- **Work item**:
The response should contain all of the records, copied exactly, and none of the images.

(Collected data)
*** Block opens ***

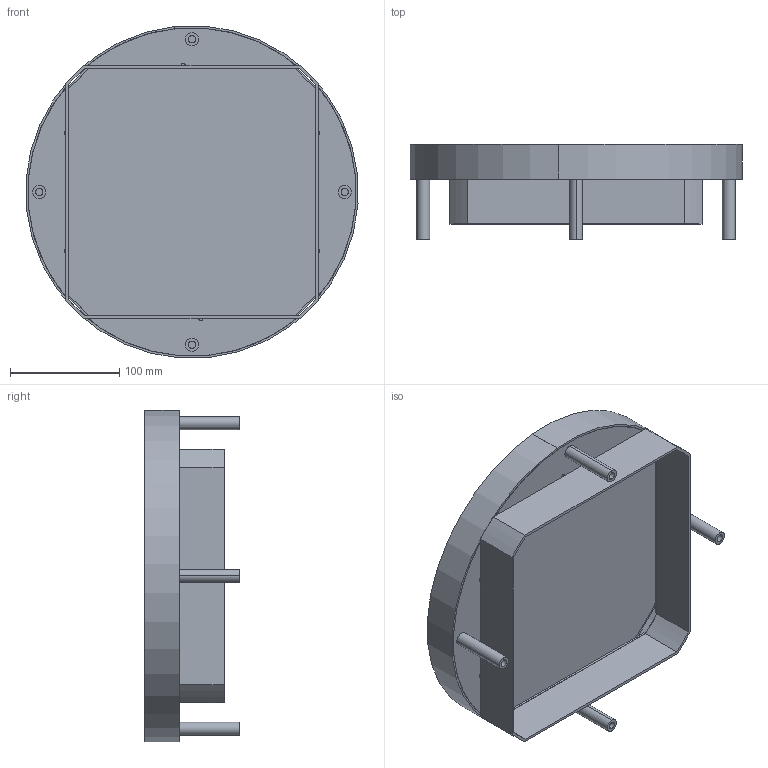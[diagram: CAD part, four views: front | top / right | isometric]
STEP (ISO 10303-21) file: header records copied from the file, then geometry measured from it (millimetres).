
FILE_DESCRIPTION((''),'2;1');
FILE_NAME('T-00983_ASM','2022-10-20T11:35:29',('letterg'),(''),'CREO PARAMETRIC BY PTC INC, 2022024','CREO PARAMETRIC BY PTC INC, 2022024','');
FILE_SCHEMA(('AUTOMOTIVE_DESIGN { 1 0 10303 214 1 1 1 1 }'));
Length unit declared in the file: millimetre
Products named in the file (13): T-00736; T-00737; T-00738; T-00739; T-00777_ASM; U09001; T-00625; T-00847_ASM; T-00732; T-00734; T-00770_ASM; T-00912_ASM; T-00983_ASM
Assembly tree (16 placements, depth 4):
  T-00983_ASM
    T-00847_ASM
      T-00777_ASM
        T-00736
        T-00737
        T-00738  x2
        T-00739
      U09001  x4
      T-00625
    T-00912_ASM
      T-00770_ASM
        T-00732
        T-00734
Bounding box: 304.26 x 87 x 304.26 mm (x, y, z)
Volume: 391162.2 mm3; surface area: 392771.7 mm2
Topology: 12 solids, 12 shells, 138 faces, 318 edges, 212 vertices
Faces by surface type: cylinder 72, plane 66
Full cylindrical faces by diameter (mm): 301 x1, 305 x1
Entity records: 3610 total; most frequent: DIRECTION 544, CARTESIAN_POINT 506, ORIENTED_EDGE 408, COLOUR_RGB 218, AXIS2_PLACEMENT_3D 211, EDGE_CURVE 204, VERTEX_POINT 136, VECTOR 122
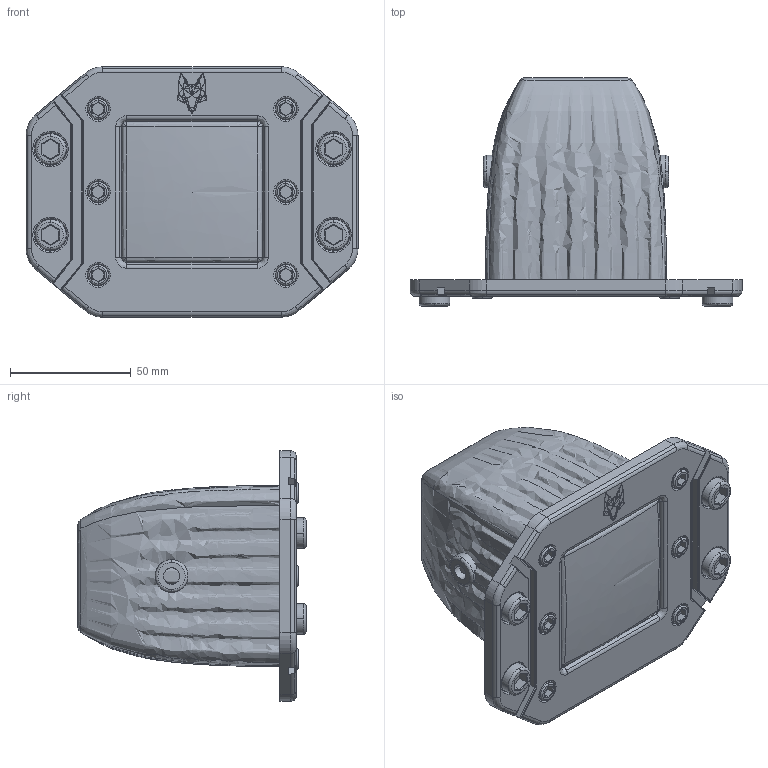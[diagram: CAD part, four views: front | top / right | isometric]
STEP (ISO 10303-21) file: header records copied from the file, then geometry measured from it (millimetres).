
FILE_DESCRIPTION(('FreeCAD Model'),'2;1');
FILE_NAME('Open CASCADE Shape Model','2025-05-03T05:37:25',('FreeCAD'),( 'FreeCAD'),'Open CASCADE STEP processor 7.6','FreeCAD','Unknown');
FILE_SCHEMA(('AUTOMOTIVE_DESIGN { 1 0 10303 214 1 1 1 1 }'));
Products named in the file (1): Open CASCADE STEP translator 7.6 1
Bounding box: 137.69 x 94.63 x 103.83 mm (x, y, z)
Volume: 452925.4 mm3; surface area: 91030.6 mm2
Topology: 24 solids, 24 shells, 1460 faces, 3687 edges, 2412 vertices
Faces by surface type: bspline 1460
Entity records: 70442 total; most frequent: CARTESIAN_POINT 48353, ORIENTED_EDGE 7356, EDGE_CURVE 3678, B_SPLINE_CURVE_WITH_KNOTS 2755, VERTEX_POINT 2412, FACE_BOUND 1694, EDGE_LOOP 1694, ADVANCED_FACE 1460

*** Block closes ***

- **The answer**:
[diagram: CAD part, four views: front | top / right | isometric]
STEP (ISO 10303-21) file: header records copied from the file, then geometry measured from it (millimetres).
FILE_DESCRIPTION((''),'2;1');
FILE_NAME('T-00983_ASM','2022-10-20T11:35:29',('letterg'),(''),'CREO PARAMETRIC BY PTC INC, 2022024','CREO PARAMETRIC BY PTC INC, 2022024','');
FILE_SCHEMA(('AUTOMOTIVE_DESIGN { 1 0 10303 214 1 1 1 1 }'));
Length unit declared in the file: millimetre
Products named in the file (13): T-00736; T-00737; T-00738; T-00739; T-00777_ASM; U09001; T-00625; T-00847_ASM; T-00732; T-00734; T-00770_ASM; T-00912_ASM; T-00983_ASM
Assembly tree (16 placements, depth 4):
  T-00983_ASM
    T-00847_ASM
      T-00777_ASM
        T-00736
        T-00737
        T-00738  x2
        T-00739
      U09001  x4
      T-00625
    T-00912_ASM
      T-00770_ASM
        T-00732
        T-00734
Bounding box: 304.26 x 87 x 304.26 mm (x, y, z)
Volume: 391162.2 mm3; surface area: 392771.7 mm2
Topology: 12 solids, 12 shells, 138 faces, 318 edges, 212 vertices
Faces by surface type: cylinder 72, plane 66
Full cylindrical faces by diameter (mm): 301 x1, 305 x1
Entity records: 3610 total; most frequent: DIRECTION 544, CARTESIAN_POINT 506, ORIENTED_EDGE 408, COLOUR_RGB 218, AXIS2_PLACEMENT_3D 211, EDGE_CURVE 204, VERTEX_POINT 136, VECTOR 122
[diagram: CAD part, four views: front | top / right | isometric]
STEP (ISO 10303-21) file: header records copied from the file, then geometry measured from it (millimetres).
FILE_DESCRIPTION(('FreeCAD Model'),'2;1');
FILE_NAME('Open CASCADE Shape Model','2025-05-03T05:37:25',('FreeCAD'),( 'FreeCAD'),'Open CASCADE STEP processor 7.6','FreeCAD','Unknown');
FILE_SCHEMA(('AUTOMOTIVE_DESIGN { 1 0 10303 214 1 1 1 1 }'));
Products named in the file (1): Open CASCADE STEP translator 7.6 1
Bounding box: 137.69 x 94.63 x 103.83 mm (x, y, z)
Volume: 452925.4 mm3; surface area: 91030.6 mm2
Topology: 24 solids, 24 shells, 1460 faces, 3687 edges, 2412 vertices
Faces by surface type: bspline 1460
Entity records: 70442 total; most frequent: CARTESIAN_POINT 48353, ORIENTED_EDGE 7356, EDGE_CURVE 3678, B_SPLINE_CURVE_WITH_KNOTS 2755, VERTEX_POINT 2412, FACE_BOUND 1694, EDGE_LOOP 1694, ADVANCED_FACE 1460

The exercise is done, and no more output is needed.